What Happened When I Was a Vegan
From the moment I threw out my protein powders and stopped eating chicken breast and egg whites, I felt amazing. My mostly-raw vegan diet was a study in greens and grains: green juice* for breakfast with a slice of sprouted, gluten-free Ezekiel bread or 1/4 c cooked quinoa with cinnamon, tempeh stir-fried with peppers and broccoli (on a hot skillet with no fats, not even “healthy fats” like canola oil, god forbid) or black bean and brown rice burgers on a giant salad for lunch, green smoothie** for dinner, and then gluten-free cereal with soy or almond milk or a spoonful of all natural peanut butter mixed with vegan chocolate chips for dessert. Add in giant apples for mid-morning and mid-afternoon snacks, and I was set.
Or so I thought.
I quickly dropped the extra 10 pounds I had put on in the months since my ankle injury (less chronic cardio meant I was getting in more calories than I was putting out), and I felt like lighter than air.

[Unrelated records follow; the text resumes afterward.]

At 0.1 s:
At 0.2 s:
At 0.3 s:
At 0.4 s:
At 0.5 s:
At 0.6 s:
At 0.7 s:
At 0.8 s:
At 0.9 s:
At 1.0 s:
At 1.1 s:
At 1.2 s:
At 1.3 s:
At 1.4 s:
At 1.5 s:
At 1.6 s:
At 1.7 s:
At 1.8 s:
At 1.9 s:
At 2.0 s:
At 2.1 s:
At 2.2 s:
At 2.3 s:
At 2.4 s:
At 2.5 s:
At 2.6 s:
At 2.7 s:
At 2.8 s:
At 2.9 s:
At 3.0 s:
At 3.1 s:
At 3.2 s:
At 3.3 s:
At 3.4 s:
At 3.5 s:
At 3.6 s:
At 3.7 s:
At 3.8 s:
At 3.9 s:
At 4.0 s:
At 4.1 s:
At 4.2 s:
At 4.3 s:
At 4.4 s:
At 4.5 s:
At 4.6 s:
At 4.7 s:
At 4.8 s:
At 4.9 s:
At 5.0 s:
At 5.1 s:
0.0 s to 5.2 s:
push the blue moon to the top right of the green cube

I know I’m not the only one to have experienced this feeling. When you switch from a diet that isn’t working for you–especially a diet high in processed foods or foods to which you’re sensitive or allergic–to one that is, as Michael Pollen puts it, “mostly plants,” you are, of course, going to go through a period when your body feels fresh, clean, and new.
It’s like your body can’t stop thanking you for liberating it from the stress it was under while being forced to choke down denatured whey protein from grain fed CAFO cows.

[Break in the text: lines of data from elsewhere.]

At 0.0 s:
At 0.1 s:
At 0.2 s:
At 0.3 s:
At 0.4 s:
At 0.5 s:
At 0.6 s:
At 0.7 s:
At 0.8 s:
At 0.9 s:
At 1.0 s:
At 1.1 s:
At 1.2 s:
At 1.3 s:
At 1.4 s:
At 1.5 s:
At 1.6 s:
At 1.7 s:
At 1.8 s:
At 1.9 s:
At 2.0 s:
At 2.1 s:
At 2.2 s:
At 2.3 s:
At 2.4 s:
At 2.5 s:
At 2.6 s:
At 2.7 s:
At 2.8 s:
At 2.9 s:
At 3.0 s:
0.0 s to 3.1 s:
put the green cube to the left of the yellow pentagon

But then…your body realizes that something’s wrong. Something’s…missing. And that’s when things start to go to hell.
J. Stanton does an incredible (and incredibly disturbing) job of explaining the “new vegan high” on his blog, Gnolls.org. As J. says, “Necessary animal-sourced nutrients like vitamin B12, menaquinone-4 (vitamin K2 MK-4), and DHA are unavailable in the vegan diet, and must be replaced by supplementation in order to avoid physical and mental deterioration.”

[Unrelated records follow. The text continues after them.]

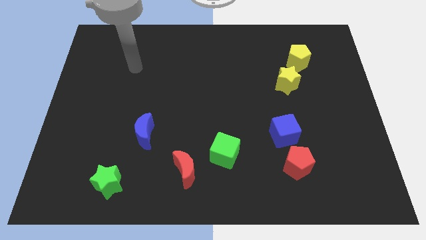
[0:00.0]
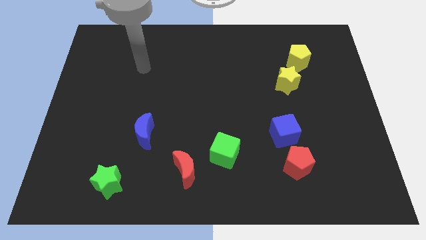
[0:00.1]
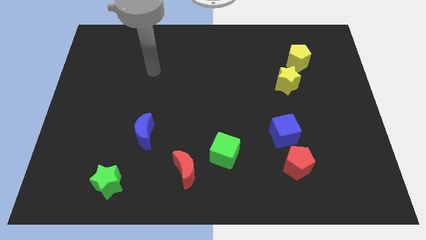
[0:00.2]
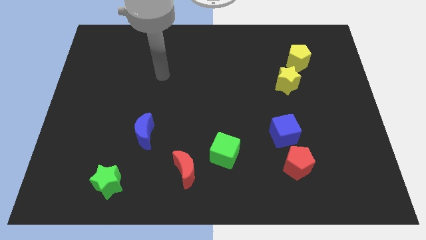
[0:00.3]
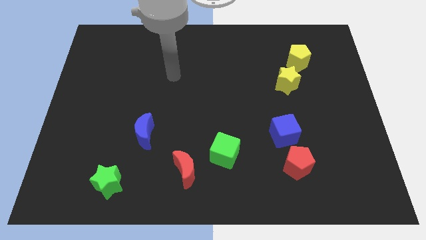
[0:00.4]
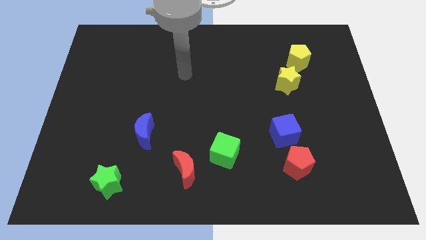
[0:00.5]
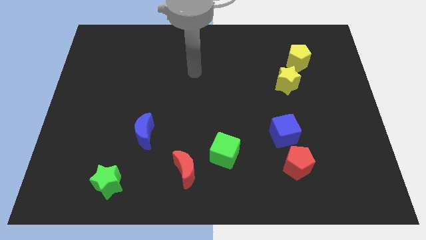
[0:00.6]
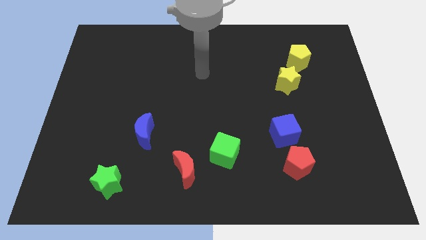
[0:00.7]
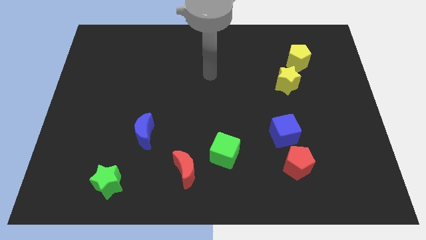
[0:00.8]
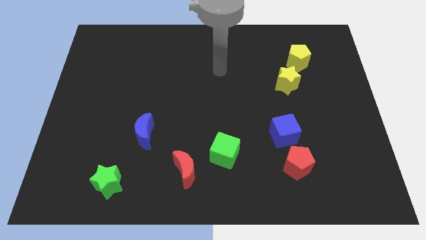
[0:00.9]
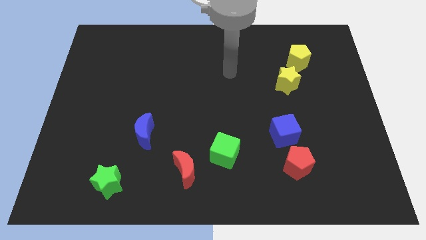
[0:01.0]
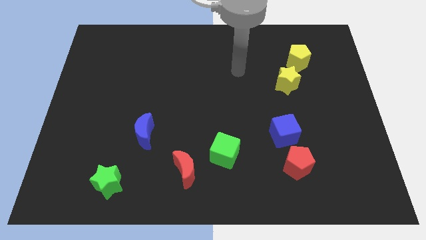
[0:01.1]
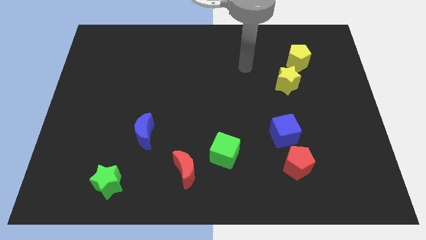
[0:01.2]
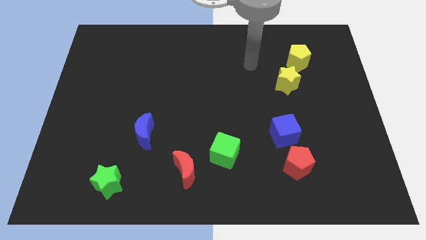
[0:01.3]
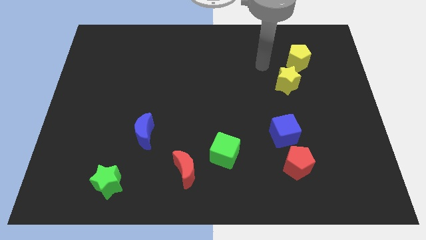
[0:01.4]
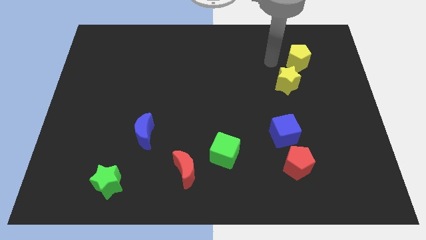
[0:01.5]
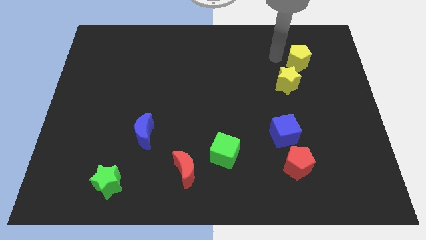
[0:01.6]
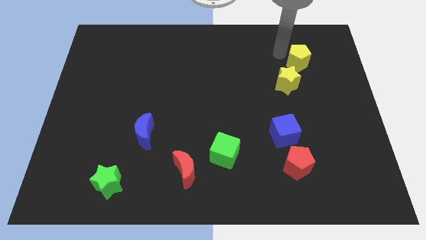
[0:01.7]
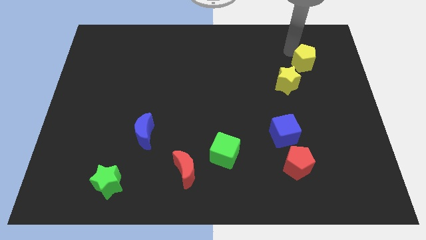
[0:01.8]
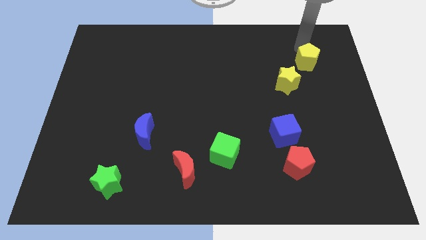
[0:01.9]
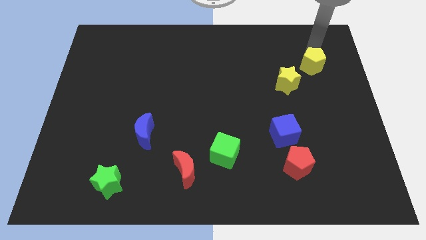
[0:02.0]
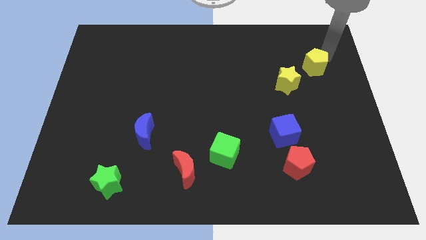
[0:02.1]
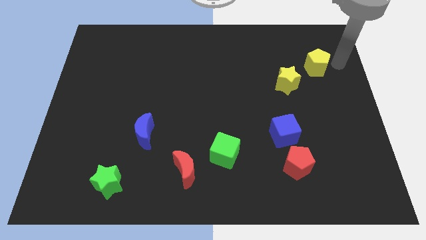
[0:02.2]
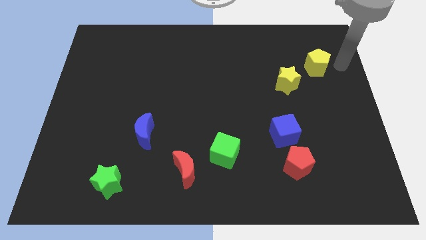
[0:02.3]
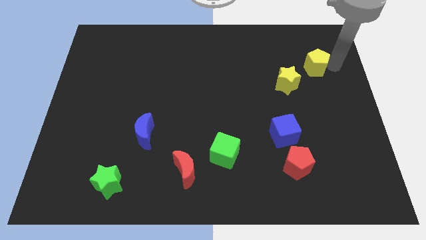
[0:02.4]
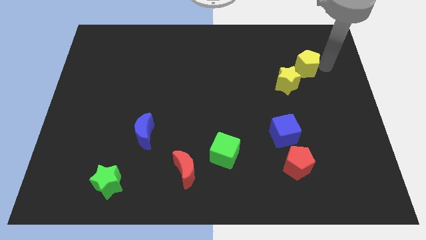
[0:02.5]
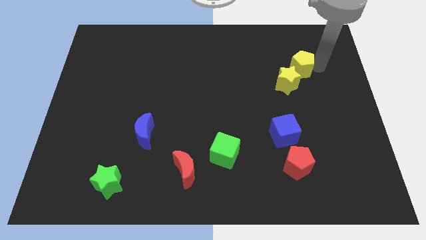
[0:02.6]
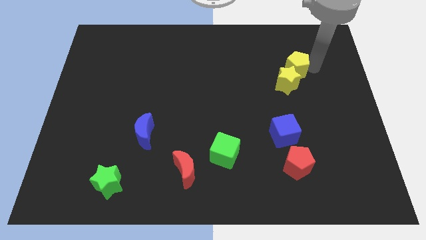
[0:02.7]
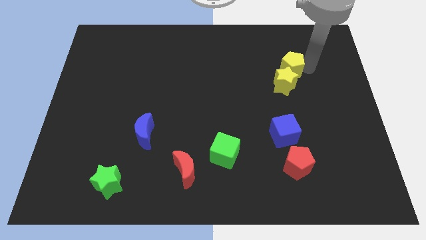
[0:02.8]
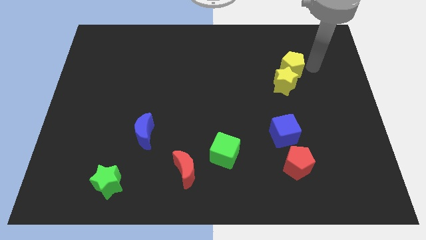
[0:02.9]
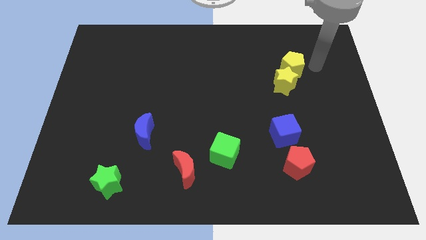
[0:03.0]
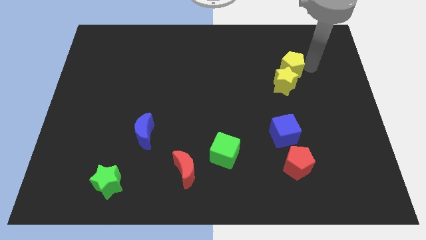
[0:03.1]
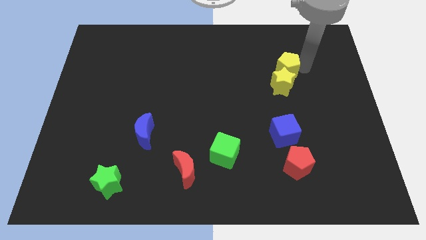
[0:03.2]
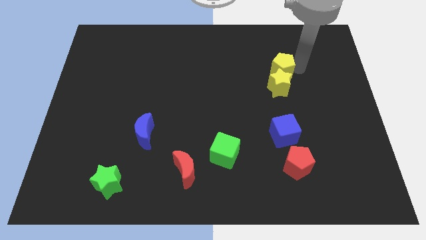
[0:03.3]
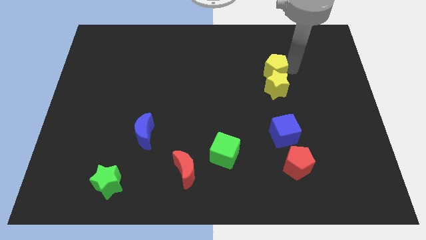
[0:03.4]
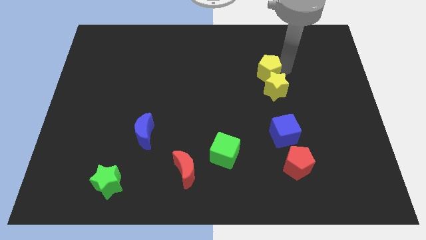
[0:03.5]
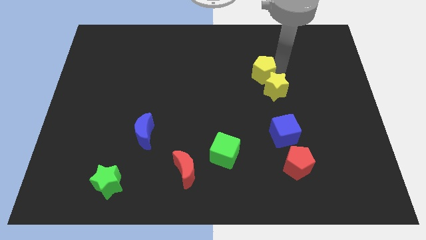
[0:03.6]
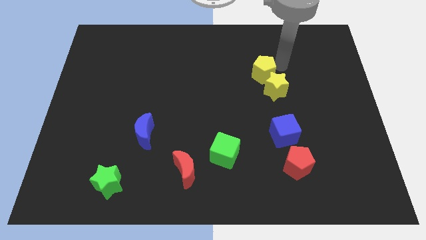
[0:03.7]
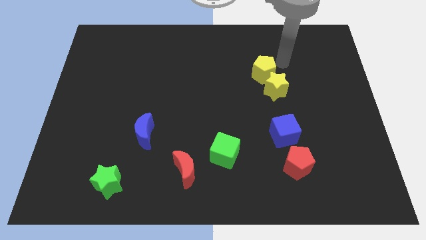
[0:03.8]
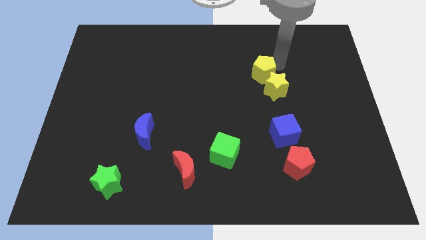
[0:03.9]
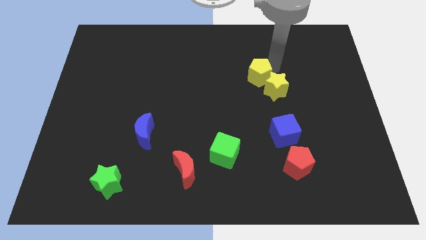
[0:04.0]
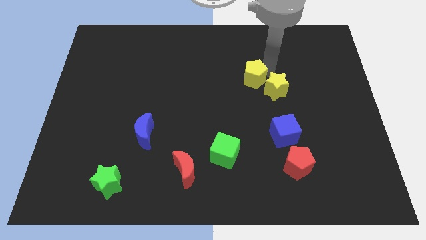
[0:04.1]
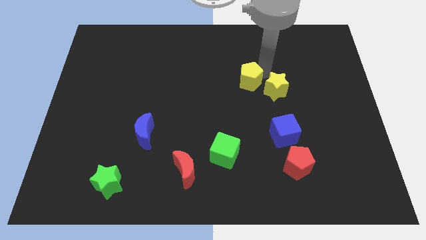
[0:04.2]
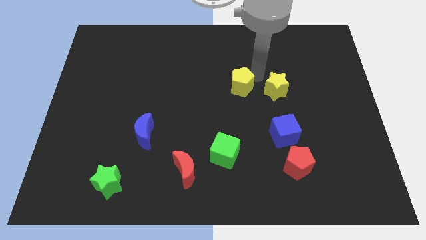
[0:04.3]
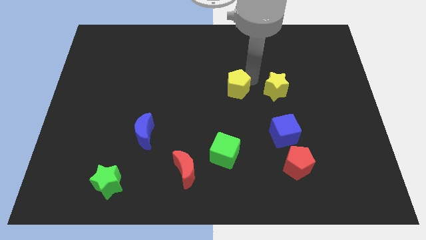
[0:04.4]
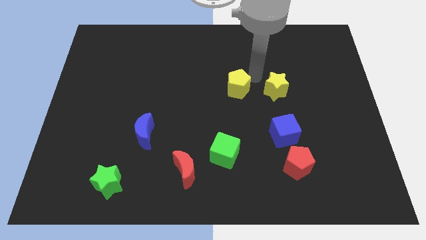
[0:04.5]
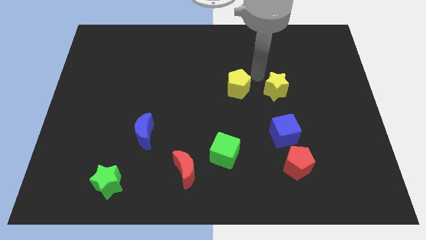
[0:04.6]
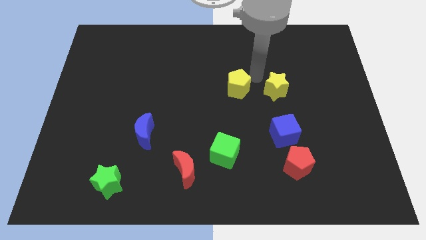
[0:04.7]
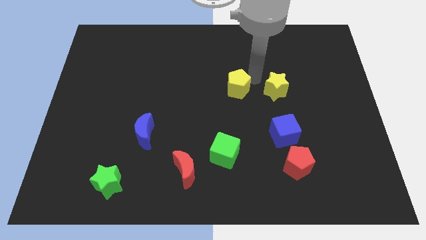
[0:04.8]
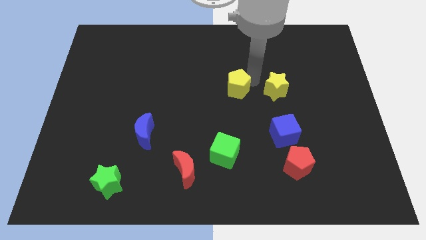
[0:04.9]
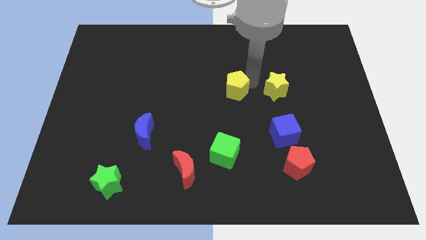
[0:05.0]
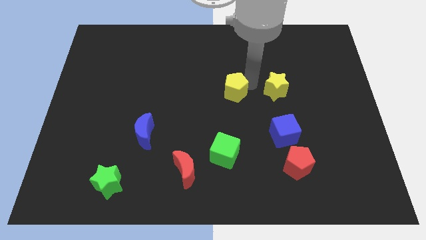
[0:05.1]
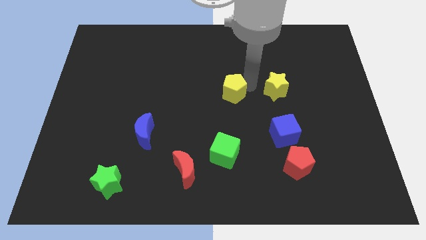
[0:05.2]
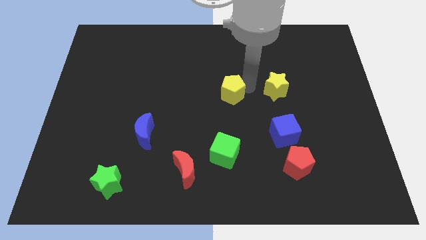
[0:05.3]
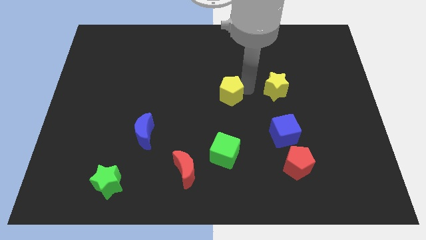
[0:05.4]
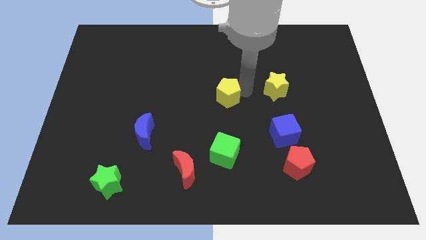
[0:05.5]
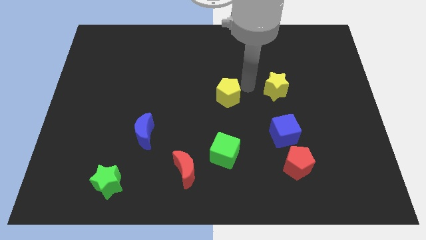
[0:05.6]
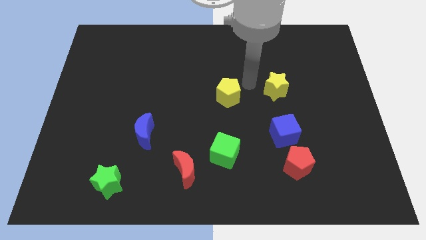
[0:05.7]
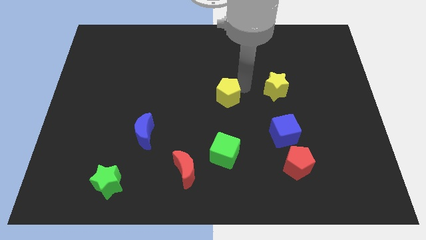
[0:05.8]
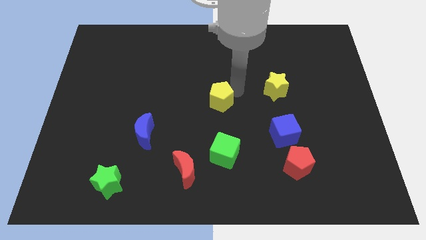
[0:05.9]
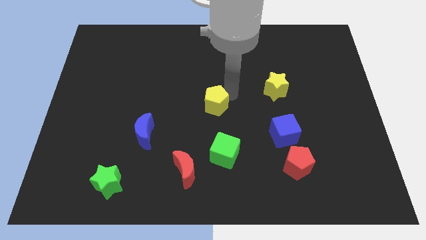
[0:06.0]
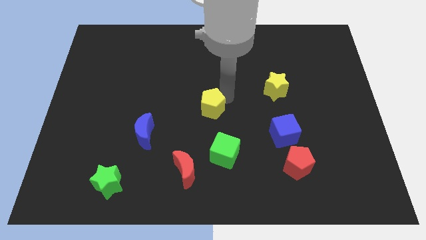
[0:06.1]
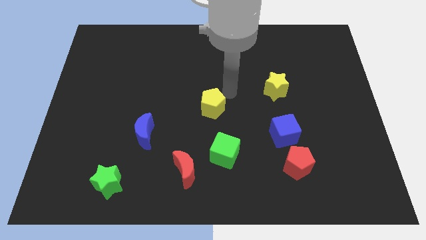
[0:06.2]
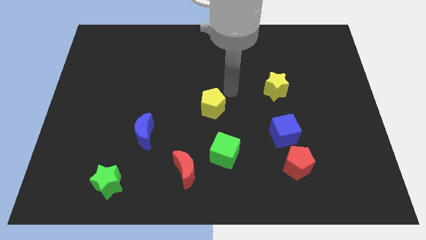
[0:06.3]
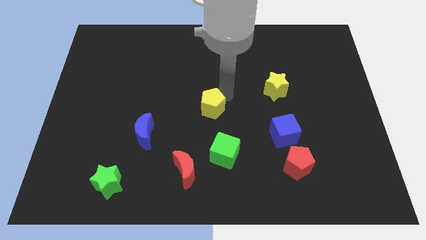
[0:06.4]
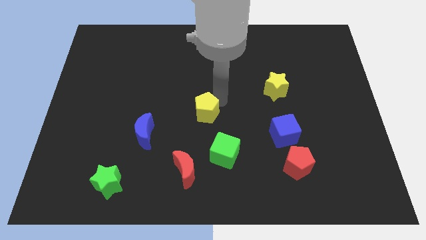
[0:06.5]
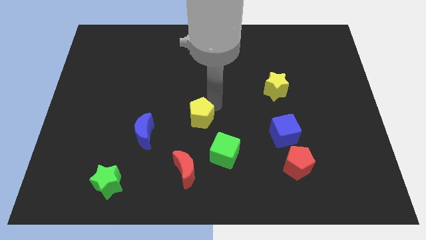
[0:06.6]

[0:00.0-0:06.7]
push the yellow pentagon to the top of the red moon

So, according to Stanton, your body does the only thing it can do: it starts eating itself.
I’m pretty sure that I just heard every single one of you out in the blogosphere who has ever eaten or considered eating a vegan diet scoff.
“How can that be?” You ask? “I supplement. I’m getting every nutrient I’m not eating from a pill and my macros*** are within the government guidelines–in fact, my fat intake is even lower.”
How, my friends, could that be a problem?
To be continued!
*Cucumber, Kale, Swiss Chard, Parsley, 1/2 pear, Broccoli, Ginger
**Frozen Broccoli, Kale, Hemp Protein Powder, a smidgeon of coconut oil (not too much, because I didn’t want to “get fat”), cinnamon, and cocoa powder. Add water and blend.
***Macronutrients. The three macros are protein, fat, and carbohydrates, and each one is somehow exalted or vilified depending on the dietary theory you follow.